Paul L. Caron
Dean





Friday, January 21, 2022

Maynard: Biden’s Gambit: Advancing Racial Equity While Relying On A Race-Neutral Tax Code

Goldburn P. Maynard Jr. (Indiana University, Kelley School of Business; Google Scholar), Biden’s Gambit: Advancing Racial Equity While Relying on a Race-Neutral Tax Code, 131 Yale L.J. Forum 656 (2022):

Yale Law Journal (2020)The American Rescue Plan Act was both a major infusion of economic aid to low-income and middle-class Americans and an opportunity for the Biden Administration to keep its promise to promote racial equity. This Essay analyzes ARPA’s major provisions to determine their potential impact on racial equity. It argues that the Biden Administration should do more to tackle racial wealth inequality and the structural issues in the tax code that allow those at the top of the income distribution to benefit disproportionately from tax subsidies. It also underscores the larger challenge of achieving racial equity in the face of courts, particularly conservative judges, that treat race-based policies designed to counteract racial inequities as discriminatory.

Conclusion
ARPA and the response by courts have shown us that high hurdles remain to achieving RE. This is not only a matter of one election or even getting the executive and legislative branches to pass laws. Today, many courts equate efforts to promote RE with efforts to promote racial segregation. The odds of having all three branches in perfect alignment are slim. ARPA also illustrates weaknesses in our current understanding of the Constitution as limiting the government’s ability to redress historic wrongs. The status quo limitations are so strong that it is hard to imagine any large pro-equality advancements in the foreseeable future.

At our current pace, achieving RE will be a centuries-long project. This is discouraging, but highlights the importance of continuing the fight for wealth taxation and other levies on capital. It also underscores the smallness of the tax system when tackling a problem as embedded as RE. There are many decisions, regulations, and laws that have embedded racism structurally and systematically. The tax system serves as an efficient compensator of harm, but this is not always what the victims of harm want. Instead of after-the-fact compensation for discrimination, victims of inequities often prefer to have the discrimination eliminated. That is the purpose of RE. The tax system can play an important role in promoting RE, even if it is not the leading one.

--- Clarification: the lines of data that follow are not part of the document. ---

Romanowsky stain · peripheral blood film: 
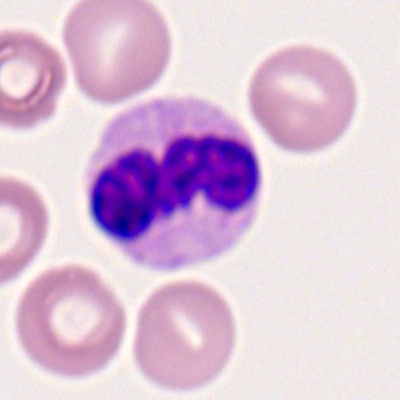 Q: Which cell type is shown here?
A: A polymorphonuclear neutrophil.
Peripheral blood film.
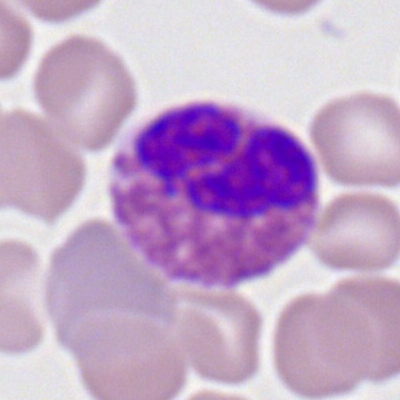 Impression — eosinophilic granulocyte.
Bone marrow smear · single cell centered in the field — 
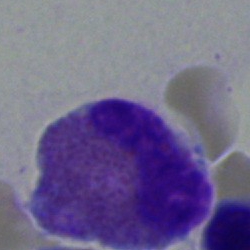
Q: Which cell type is shown here?
A: Eosinophil.
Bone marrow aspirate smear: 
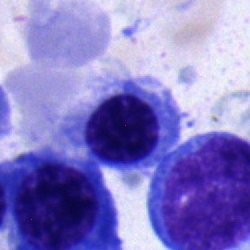
{"cell_type": "nucleated red cell"}
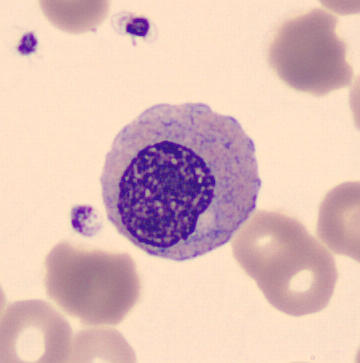

Classification = myelocyte. Peripheral blood smear.
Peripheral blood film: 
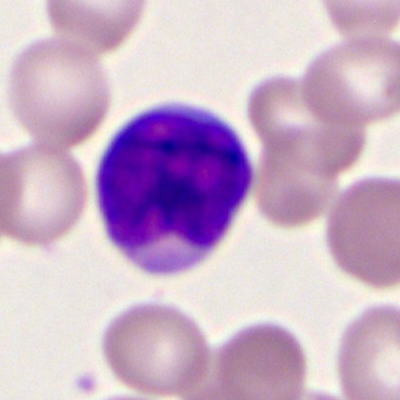
Morphological class = myeloblast.
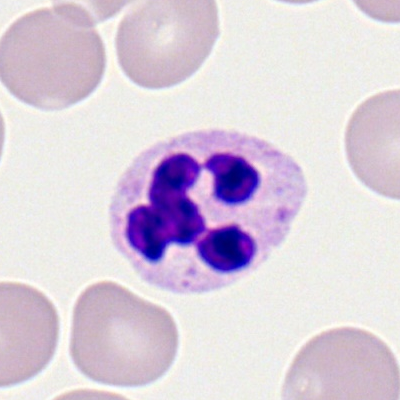

A segmented neutrophil on a peripheral blood smear.
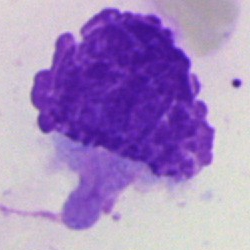

An artifact on a bone marrow smear.
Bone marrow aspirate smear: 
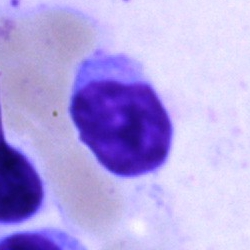A lymphocyte.
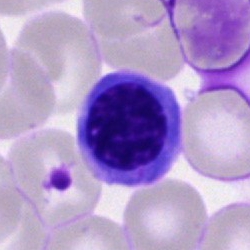 Nucleated red cell.
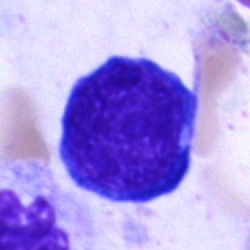 {"cell_type": "proerythroblast"}
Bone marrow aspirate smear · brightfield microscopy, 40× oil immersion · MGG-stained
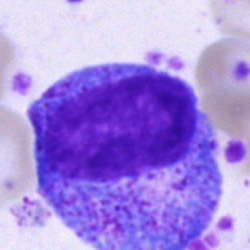Showing a promyelocyte.
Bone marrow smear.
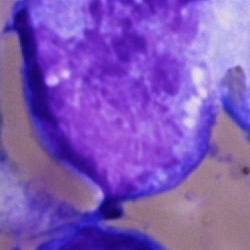Showing an artifact.
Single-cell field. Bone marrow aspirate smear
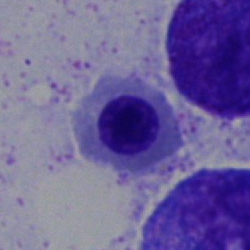
Normoblast.
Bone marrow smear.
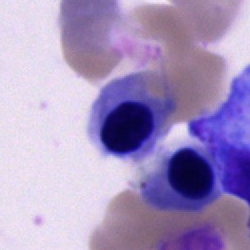The cell shown is a normoblast.
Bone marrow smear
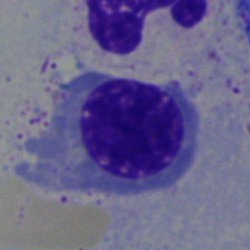

The cell type is erythroblast.
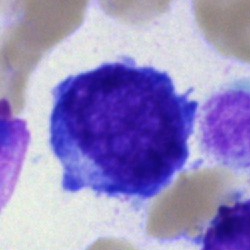 Classification: immature lymphocyte.
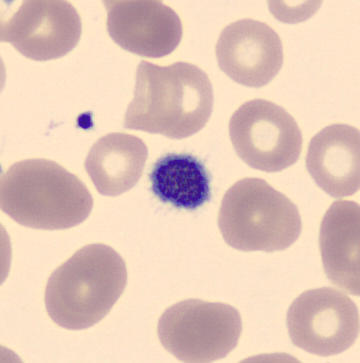

Acquisition: Peripheral blood smear. Q: What is shown here?
A: It is a platelet (thrombocyte).
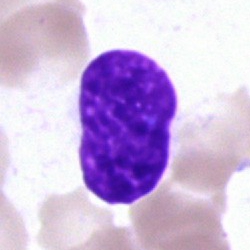Cell: artifact.
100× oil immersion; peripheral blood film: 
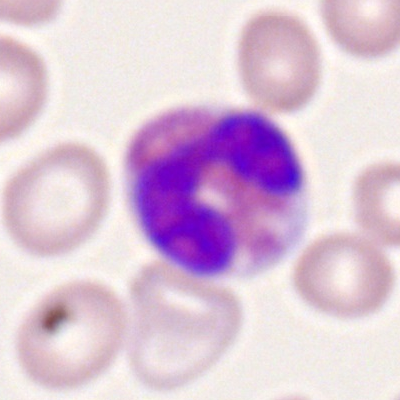

Cell: eosinophilic granulocyte.
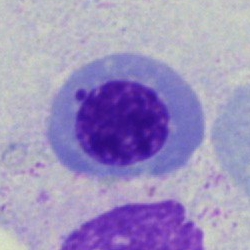Classification: erythroblast.
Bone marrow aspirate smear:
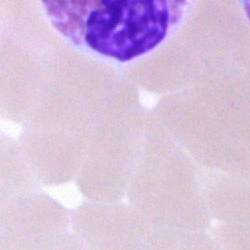Specimen: bone marrow smear.
Cell: artifact.
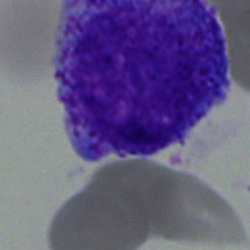

Q: What is shown here?
A: This is a promyelocyte.
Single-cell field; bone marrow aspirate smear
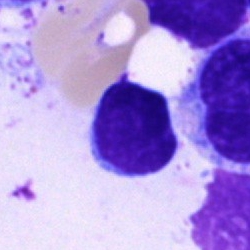Classification — typical lymphocyte.
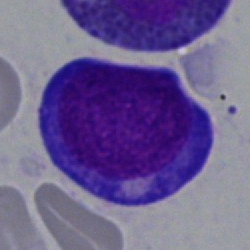Morphology → normoblast.
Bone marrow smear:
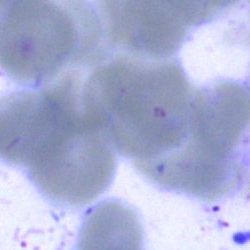Single cell identified as an artefact.

And yet, there is hope. The Biden Administration is engaging in equity efforts that do not raise constitutional issues. The Administration’s commitment to ending private prisons and eliminating discrimination in federal housing is ongoing. States, cities, and localities still have substantial abilities to distribute aid equitably under ARPA for several years. While it will take more work to accomplish, there is more momentum than ever for important RE work like ending sentencing disparities that hurt Black and Hispanic people, paying reparations for victims of slavery and segregation, and ending housing discrimination. This still leaves us with hope as none of these problems are inherent or inevitable. We can still turn them around.